Greece, Egypt, Sweden, Spain and Denmark summoned Israel's ambassadors
demanding explanations for the violence, with Spain and France condemning
what they called the disproportionate use of force. Greece suspended a
military exercise with Israel and postponed a visit by Israel's air force
chief. Germany called for an immediate investigation but was careful not
to directly place blame, and said it was seeking information on six German
citizens believed to have been aboard the ships.

In Tehran, dozens of angry students pelted the U.N. offices with stones
and eggs in protest, burning Israeli flags and chanting, "death to Israel"
and "down with U.S." Police blocked them from reaching the building. The
president of Iran, a key supporter of Hamas, called the raid "an inhuman
act." In Baghdad, an estimated 3,000 Shiite followers of the anti-American
cleric Muqtada al-Sadr shouted "Death, death to Israel!" and "Death, death
to America!"

Riot police used tear gas to drive back hundreds of protesters
demonstrating outside the Israeli Embassy in Paris. There were also
demonstrations in Rome, Cyprus and more than 20 cities in Greece.

In Athens, riot police used tear gas and stun grenades to disperse around
2,500 Greeks and Arabs protesting outside the Israeli Embassy. Some
protesters threw stones and tried to push past police lines to reach the
embassy.
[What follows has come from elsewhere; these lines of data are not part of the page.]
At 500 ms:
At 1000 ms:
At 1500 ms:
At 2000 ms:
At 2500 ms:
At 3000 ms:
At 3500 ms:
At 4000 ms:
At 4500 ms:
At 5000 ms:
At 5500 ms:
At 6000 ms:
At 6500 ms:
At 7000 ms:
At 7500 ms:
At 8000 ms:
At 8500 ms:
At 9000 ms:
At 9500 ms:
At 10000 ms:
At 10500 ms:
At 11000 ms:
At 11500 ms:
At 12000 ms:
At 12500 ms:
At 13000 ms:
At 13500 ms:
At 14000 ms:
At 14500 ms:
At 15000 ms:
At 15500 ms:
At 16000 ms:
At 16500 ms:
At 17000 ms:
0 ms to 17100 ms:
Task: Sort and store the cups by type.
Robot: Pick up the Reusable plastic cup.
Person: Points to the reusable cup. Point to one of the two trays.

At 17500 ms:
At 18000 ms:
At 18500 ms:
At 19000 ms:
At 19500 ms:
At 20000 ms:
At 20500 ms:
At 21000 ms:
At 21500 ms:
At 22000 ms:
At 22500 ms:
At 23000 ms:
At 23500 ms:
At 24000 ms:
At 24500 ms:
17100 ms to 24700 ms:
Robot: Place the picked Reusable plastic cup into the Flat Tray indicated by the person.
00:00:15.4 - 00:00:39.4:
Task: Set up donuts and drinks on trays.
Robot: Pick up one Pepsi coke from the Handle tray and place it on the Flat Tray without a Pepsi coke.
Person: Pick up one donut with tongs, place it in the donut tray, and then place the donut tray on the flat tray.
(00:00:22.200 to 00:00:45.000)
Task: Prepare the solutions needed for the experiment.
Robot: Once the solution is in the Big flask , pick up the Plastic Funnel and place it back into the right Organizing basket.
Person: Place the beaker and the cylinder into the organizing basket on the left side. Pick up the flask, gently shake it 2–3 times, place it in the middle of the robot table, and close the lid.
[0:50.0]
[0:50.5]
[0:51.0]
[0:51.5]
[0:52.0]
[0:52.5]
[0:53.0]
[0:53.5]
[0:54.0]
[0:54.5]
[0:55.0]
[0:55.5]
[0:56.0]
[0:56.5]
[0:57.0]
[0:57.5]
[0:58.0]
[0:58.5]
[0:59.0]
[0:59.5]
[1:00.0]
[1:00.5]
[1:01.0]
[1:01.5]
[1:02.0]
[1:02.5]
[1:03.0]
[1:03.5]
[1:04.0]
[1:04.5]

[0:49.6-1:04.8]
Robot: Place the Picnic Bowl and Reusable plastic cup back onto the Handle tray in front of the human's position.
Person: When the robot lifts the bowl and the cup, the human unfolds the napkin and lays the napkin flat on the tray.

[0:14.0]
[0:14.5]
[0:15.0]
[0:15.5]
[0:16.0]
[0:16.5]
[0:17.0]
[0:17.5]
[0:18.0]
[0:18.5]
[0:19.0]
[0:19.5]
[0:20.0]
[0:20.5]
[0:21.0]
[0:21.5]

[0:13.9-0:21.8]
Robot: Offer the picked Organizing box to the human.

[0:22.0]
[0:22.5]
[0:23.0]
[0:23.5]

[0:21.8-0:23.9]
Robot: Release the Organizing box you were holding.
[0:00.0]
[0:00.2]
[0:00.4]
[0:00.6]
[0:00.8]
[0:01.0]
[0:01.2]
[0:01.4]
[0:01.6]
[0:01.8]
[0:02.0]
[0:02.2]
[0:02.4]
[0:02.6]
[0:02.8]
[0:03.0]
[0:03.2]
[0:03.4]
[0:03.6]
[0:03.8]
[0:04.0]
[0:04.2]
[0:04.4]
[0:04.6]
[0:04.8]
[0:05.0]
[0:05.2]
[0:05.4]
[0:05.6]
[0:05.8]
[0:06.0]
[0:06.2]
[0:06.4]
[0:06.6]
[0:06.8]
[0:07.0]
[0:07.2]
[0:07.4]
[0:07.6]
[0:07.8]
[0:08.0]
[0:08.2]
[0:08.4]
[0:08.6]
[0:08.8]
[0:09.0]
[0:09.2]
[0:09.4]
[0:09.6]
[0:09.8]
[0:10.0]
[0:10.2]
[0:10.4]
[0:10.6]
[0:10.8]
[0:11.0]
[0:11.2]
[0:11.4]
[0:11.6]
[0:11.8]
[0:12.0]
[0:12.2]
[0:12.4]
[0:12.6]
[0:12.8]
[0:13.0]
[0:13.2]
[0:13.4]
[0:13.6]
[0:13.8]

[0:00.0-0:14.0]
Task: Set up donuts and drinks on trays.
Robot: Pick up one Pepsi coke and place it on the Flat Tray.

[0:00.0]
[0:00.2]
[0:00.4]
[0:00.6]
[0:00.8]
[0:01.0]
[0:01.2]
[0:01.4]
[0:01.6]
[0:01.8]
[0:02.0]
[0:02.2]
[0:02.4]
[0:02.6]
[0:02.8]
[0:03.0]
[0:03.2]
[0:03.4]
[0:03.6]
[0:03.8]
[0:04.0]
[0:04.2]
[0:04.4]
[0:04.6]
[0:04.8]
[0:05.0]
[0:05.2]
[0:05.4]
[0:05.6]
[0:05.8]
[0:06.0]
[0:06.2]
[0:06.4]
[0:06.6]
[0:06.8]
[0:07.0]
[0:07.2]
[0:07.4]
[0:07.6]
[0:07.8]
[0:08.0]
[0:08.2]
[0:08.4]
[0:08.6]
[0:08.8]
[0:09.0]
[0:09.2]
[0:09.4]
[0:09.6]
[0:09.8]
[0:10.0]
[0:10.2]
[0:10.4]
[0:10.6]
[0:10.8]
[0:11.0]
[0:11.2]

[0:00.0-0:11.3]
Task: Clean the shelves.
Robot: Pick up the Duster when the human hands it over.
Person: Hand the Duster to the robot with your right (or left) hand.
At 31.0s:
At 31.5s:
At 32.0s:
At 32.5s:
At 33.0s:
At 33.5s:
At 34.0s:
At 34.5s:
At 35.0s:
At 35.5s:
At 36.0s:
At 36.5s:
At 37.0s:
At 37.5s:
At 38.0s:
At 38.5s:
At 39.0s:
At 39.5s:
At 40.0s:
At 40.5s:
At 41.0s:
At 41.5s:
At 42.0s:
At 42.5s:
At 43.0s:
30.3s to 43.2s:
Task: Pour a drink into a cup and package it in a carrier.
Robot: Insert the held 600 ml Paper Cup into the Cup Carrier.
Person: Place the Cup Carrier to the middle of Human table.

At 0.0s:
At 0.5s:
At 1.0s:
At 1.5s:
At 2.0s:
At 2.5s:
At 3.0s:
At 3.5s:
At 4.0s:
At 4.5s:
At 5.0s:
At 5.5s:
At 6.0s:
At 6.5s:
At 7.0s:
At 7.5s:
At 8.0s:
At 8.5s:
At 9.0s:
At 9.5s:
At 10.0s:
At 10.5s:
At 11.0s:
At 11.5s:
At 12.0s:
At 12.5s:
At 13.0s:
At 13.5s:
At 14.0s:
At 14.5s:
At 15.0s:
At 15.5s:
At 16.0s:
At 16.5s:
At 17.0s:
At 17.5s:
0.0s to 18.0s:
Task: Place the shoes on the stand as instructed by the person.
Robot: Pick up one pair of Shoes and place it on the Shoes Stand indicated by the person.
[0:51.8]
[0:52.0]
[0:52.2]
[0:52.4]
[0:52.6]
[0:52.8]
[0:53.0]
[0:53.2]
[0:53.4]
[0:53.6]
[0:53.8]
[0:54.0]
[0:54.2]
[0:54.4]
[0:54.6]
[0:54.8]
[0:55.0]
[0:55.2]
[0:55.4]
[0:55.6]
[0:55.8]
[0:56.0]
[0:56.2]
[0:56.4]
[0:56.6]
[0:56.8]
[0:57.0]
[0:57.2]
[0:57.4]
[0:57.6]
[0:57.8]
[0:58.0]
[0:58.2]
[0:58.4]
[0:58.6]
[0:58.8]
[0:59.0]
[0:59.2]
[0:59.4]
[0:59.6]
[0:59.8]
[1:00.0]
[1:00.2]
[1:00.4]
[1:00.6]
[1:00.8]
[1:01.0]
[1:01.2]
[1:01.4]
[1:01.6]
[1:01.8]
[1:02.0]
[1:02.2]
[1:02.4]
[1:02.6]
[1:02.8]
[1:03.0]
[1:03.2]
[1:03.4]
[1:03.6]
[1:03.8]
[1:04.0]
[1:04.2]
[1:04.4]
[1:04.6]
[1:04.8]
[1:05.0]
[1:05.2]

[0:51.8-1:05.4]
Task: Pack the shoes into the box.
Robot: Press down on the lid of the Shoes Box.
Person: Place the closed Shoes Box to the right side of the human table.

About 2,000 people demonstrated peacefully in Thessaloniki.

Abdel-Rahman al-Attiya, the head of the Gulf Cooperation Council, a
regional group, said "Israel is a renegade entity that violates
international law" and said the attack should be considered "a war crime."

In Saudi Arabia, which has promoted a wider Arab-Israeli peace proposal
calling for a land-for-peace swap, the Cabinet headed by King Abdullah
called on the international community to hold Israel responsible for its
"barbaric" policies.

But the strongest reaction came from Turkey, where Deputy Prime Minister
Bulent Arinc said Turkey was canceling three joint military drills and
calling on the U.N. Security Council to convene in an emergency session
about Israel. Turkey is currently a member of the council.

He also said a Turkish youth soccer team currently in Israel would be
brought home.

The raid also brought heightened attention to Israel's blockade of the
Gaza Strip, imposed after the Palestinian militant group Hamas seized
control of the tiny Mediterranean territory in 2007. The blockade — along
with Israel's fierce offensive against Gaza in the winter of 2008-2009 to
stop Hamas rocket fire on Israeli villages — has fueled anti-Israeli
sentiment around the Arab world.

The Cairo-based Arab League called an emergency session for Tuesday to
address the attack, as the two only Arab states with peace deals with
Israel — Jordan and Egypt — sharply condemned the violence.

The incident also put Egypt in a tight position. The only Arab country
bordering the Gaza Strip, it has helped enforce the blockade by cracking
down on smuggling tunnels that are a key source of goods to Gaza's 1.5
million people and by rejecting pressure that it open its border crossing.

A group founded by Nelson Mandela that includes Nobel Peace Prize winner
Desmond Tutu and former President Jimmy Carter said "the treatment of the
people of Gaza is one of the world's greatest human rights violations and
that the blockade is not only illegal, it is counterproductive."

In Beirut, about 500 Palestinian and Lebanese activists protested in front
of the U.N. headquarters, setting Israeli flags on fire. In neighboring
Syria, more than 200 Syrian and Palestinian protesters staged a sit-in
before the offices of the United Nations.


Lee Keath reported from Cairo. AP correspondents from around the Mideast
and Europe contributed to this report.